Alternatively, the W126 exposure index does not utilize a threshold value, but weights differentially all hourly average concentrations. Significant weighting greater than 0 occurs at all hourly average concentrations above 0.04 ppm. The use of a 0 weighting for hourly average concentrations less than 0.04 ppm was intentionally designed into the W126 so as to reflect near background levels. The W126 has weighting of approximately 1 for all hourly average concentrations equal to and above 0.100 ppm. The weighting of 1 at these concentrations was based on informal discussions with vegetation researchers in California whose vegetation experienced repeated occurrences of hourly values equal to and above 0.100 ppm.
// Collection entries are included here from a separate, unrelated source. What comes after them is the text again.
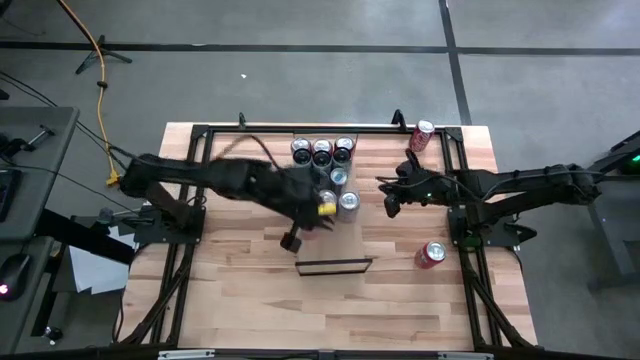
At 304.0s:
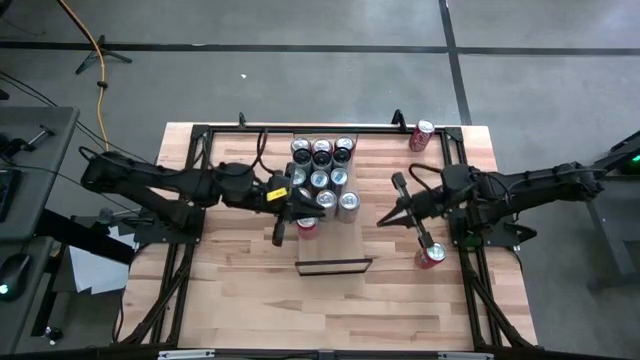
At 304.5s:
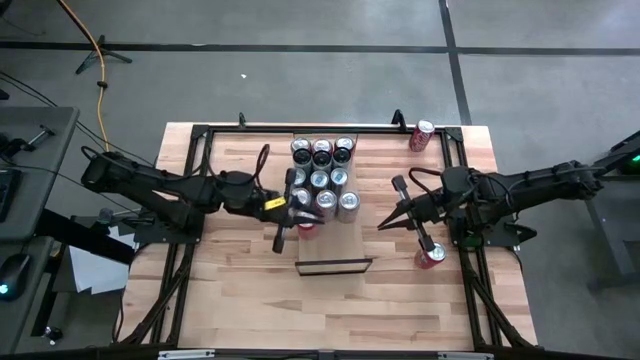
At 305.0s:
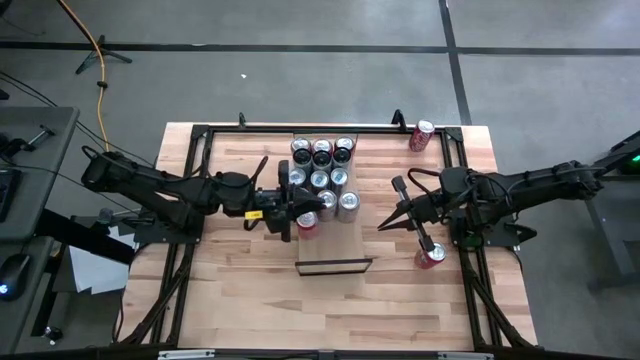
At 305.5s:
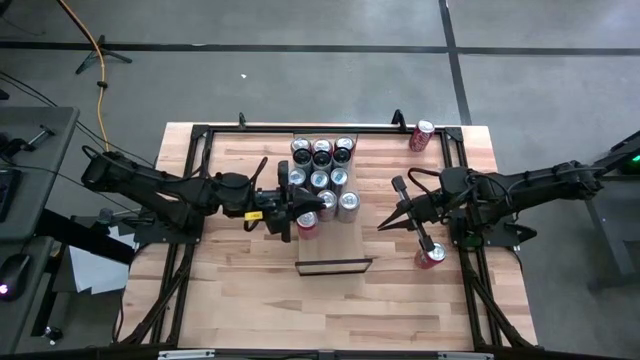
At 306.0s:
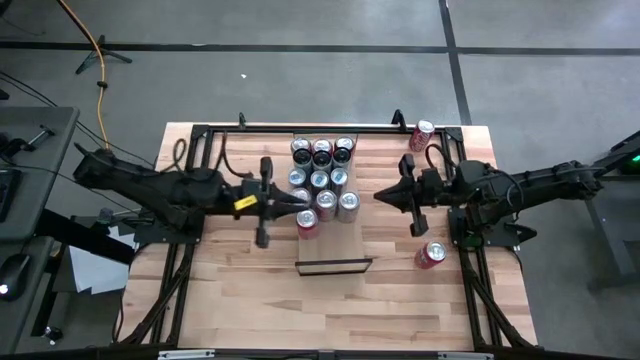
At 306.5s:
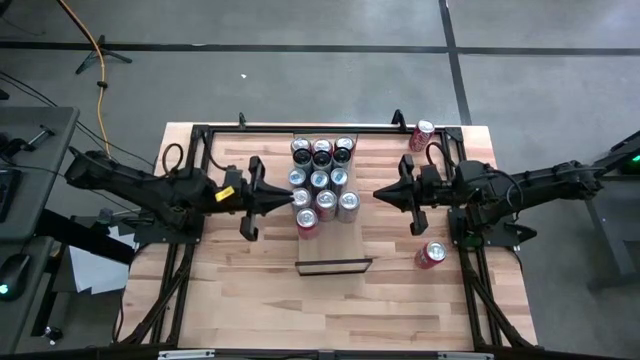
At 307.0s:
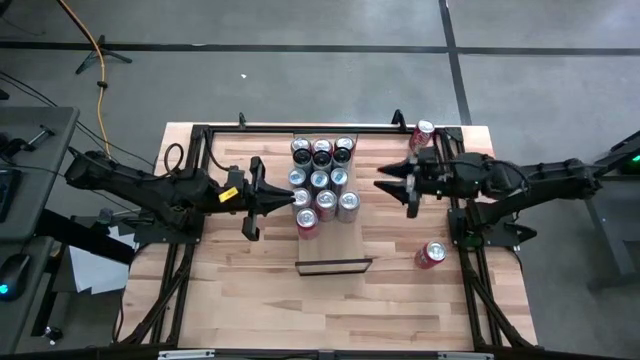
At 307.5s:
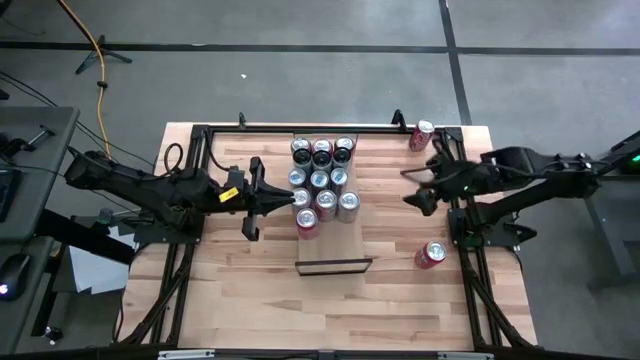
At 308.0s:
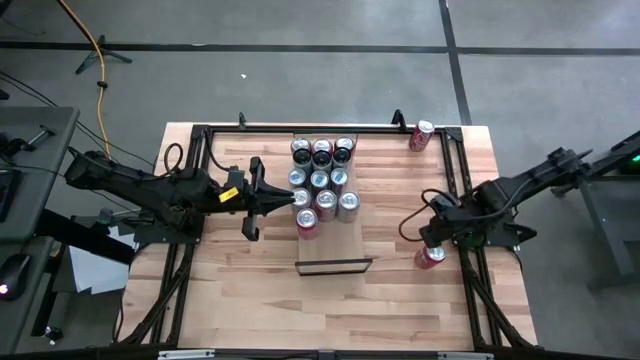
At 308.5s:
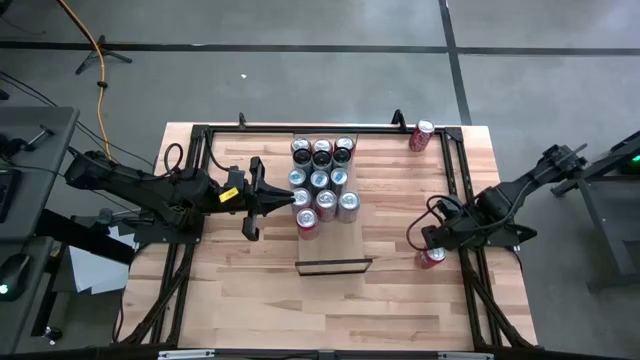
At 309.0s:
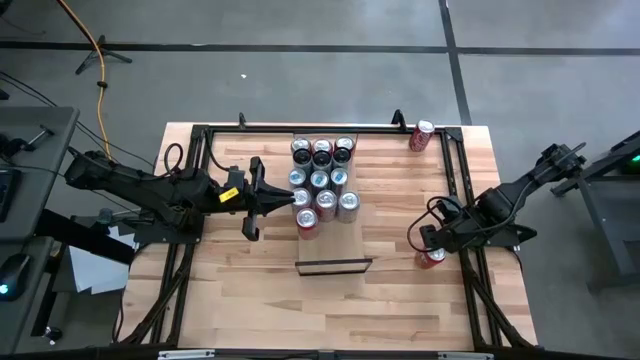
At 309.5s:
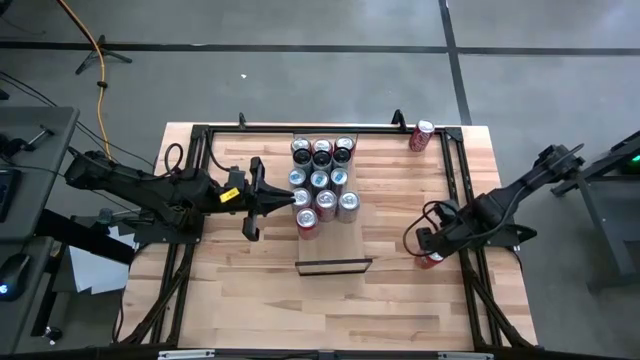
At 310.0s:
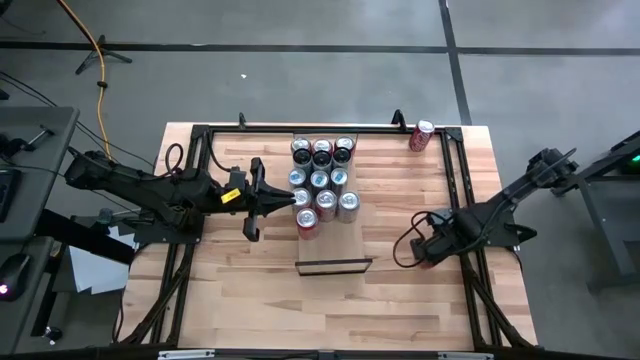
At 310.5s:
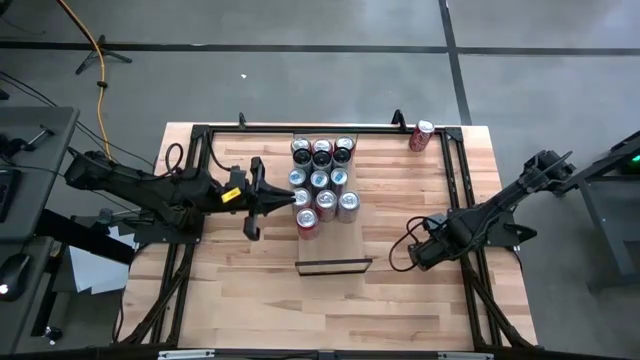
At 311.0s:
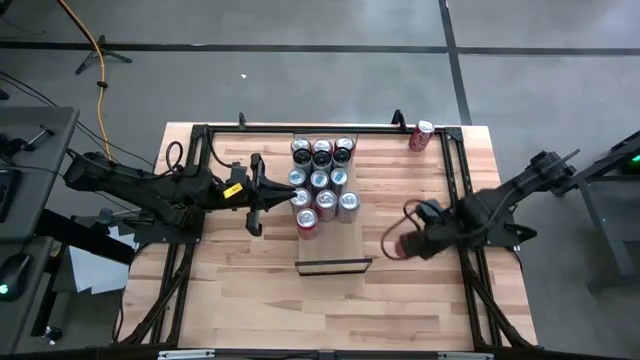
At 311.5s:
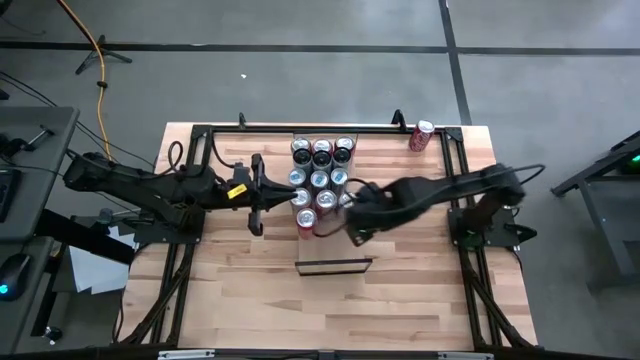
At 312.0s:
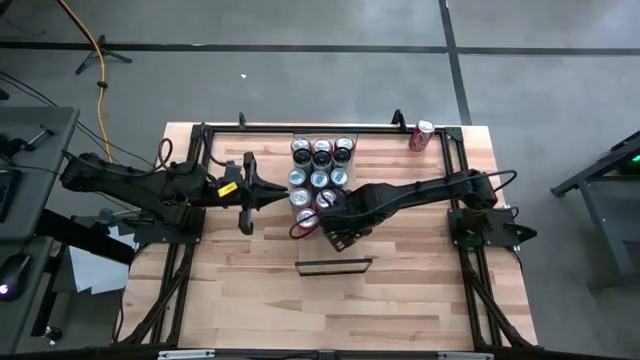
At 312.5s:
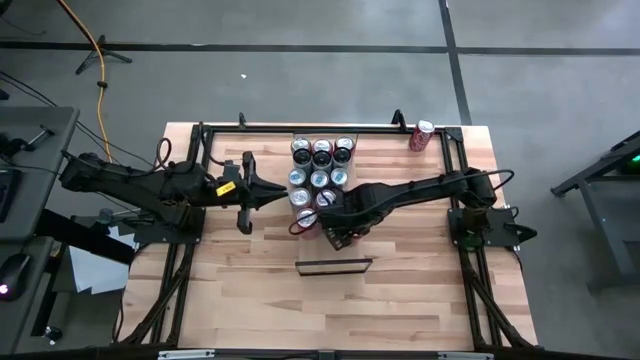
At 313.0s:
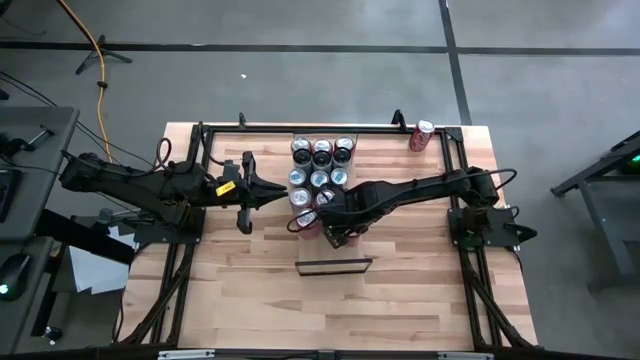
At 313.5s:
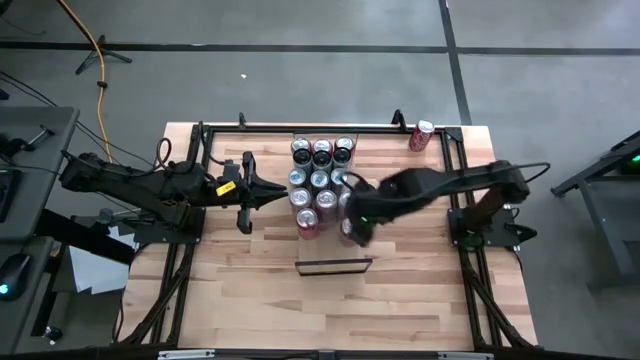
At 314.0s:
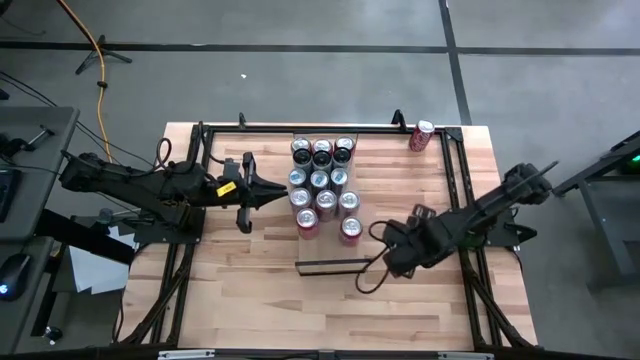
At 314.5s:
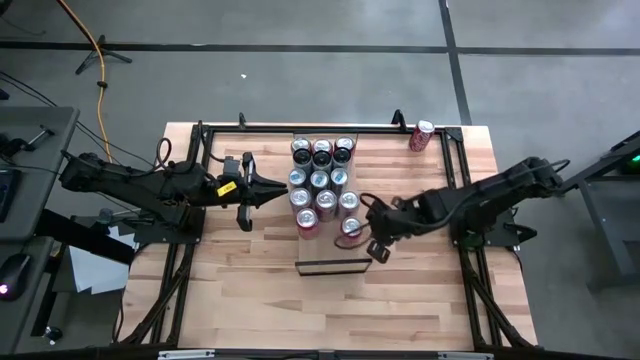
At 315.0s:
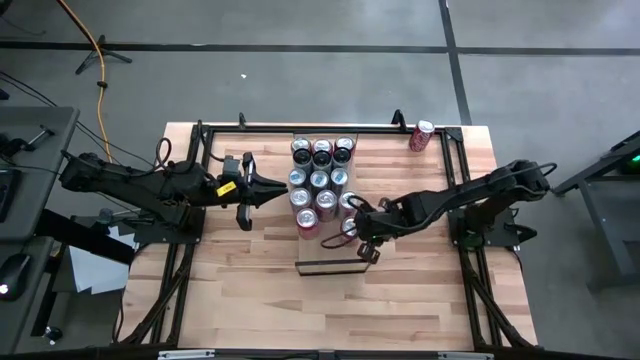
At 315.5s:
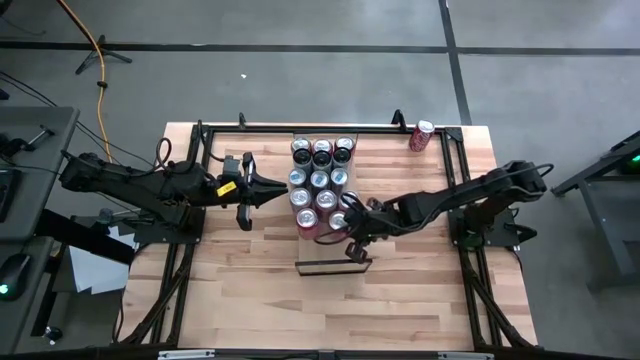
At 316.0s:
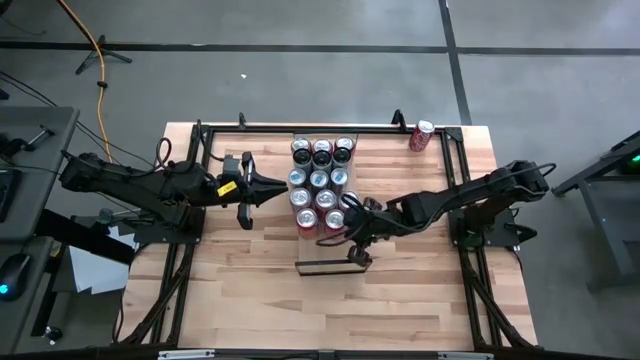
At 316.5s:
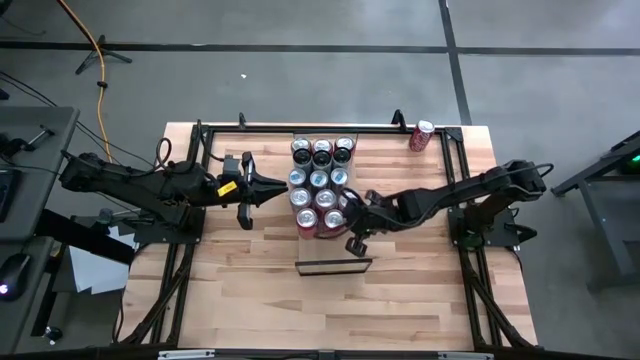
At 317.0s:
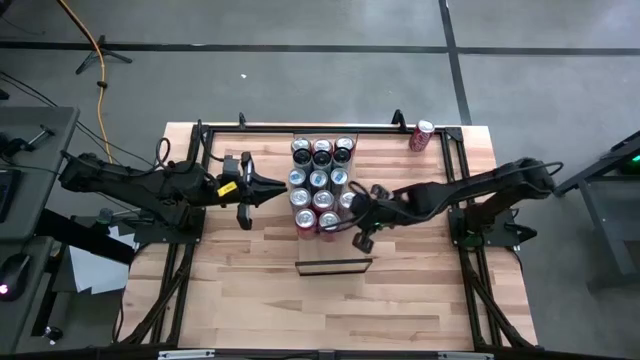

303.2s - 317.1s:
Task: Place canned beverage on shelf
Put the red soda can on the shelf aligned with the other orange soda can

This was a subjective decision and it is recognized that every species will have a different weighting function.

 

N100

The number of hourly average concentrations equal to or greater than 0.100 ppm.
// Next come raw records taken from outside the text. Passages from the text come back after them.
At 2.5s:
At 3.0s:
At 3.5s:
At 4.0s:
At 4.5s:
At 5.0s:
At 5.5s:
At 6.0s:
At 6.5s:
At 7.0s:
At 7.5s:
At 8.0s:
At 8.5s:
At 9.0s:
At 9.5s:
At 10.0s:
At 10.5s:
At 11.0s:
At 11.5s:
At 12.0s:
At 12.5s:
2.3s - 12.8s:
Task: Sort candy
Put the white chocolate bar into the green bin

 1/ Taken from A.S.L & Associates at: http://www.asl-associates.com/example2.htm

 

Vegetation's sensitivity to ozone varies  -- not only between species, but also within a species.  For example, there may be two black cherry trees growing next to one another, and one will have severe ozone symptoms while the adjacent black cherry has no visible symptoms.   An example of the variation between species can be seen when an analysis is conducted with Ozone Calculator.  In 1998, Shining Rock Wilderness had a W126 value of 104.3227 and had 43 hours when the ozone concentration was greater than or equal to 0.100 ppm.  Using these values as inputs, the estimated growth loss for one black cherry study was 26.1 percent, for red maple the growth loss was 5.6 percent, and for sugar maple the growth loss was estimated to be 0.1 percent.  Assuming there were adequate nutrients and soil moisture, the predicted growth losses indicated that black cherry is more sensitive to ozone than red maple, which is more sensitive than sugar maple.

 

1998 Shining Rock

W126 = 104.3227, N100 = 43 hours

 

Growth Loss (%)

Black Cherry

26.1

Red Maple

5.6

Sugar Maple

0.1

 

Literature Cited

Hogsett, W. E.; Plocher M; Wildman V.; Tingey, D. T. and Benett, J. P.  1985.  Growth response of two varieties of slash pine seedlings to chronic ozone exposures.  Can. J. Botany 63:2369-2376.

Lefohn, A. S.;Runeckles, V. C.  1987.  Establishing a standard to protect vegetation - ozone exposure/dose considerations.  Atmos. Environ. 21:561-568.

Mussleman, R. C.; Oshima, R. J. and Gallavan, R. E.  1983.  Significance of pollutant concentration distribution in the response of 'red kidney' beans to ozone.  J. Am. Soc. Hort. Sci.  108:347-351.

Mussleman, R. C.; Huerta, A. J.; McCool, P. M.; and Oshima, R. J.  1986. Response of beans to simulated ambient and uniform ozone distribution with equal peak concentrations. J. Am. Soc. Hort. Sci. 111:470-473.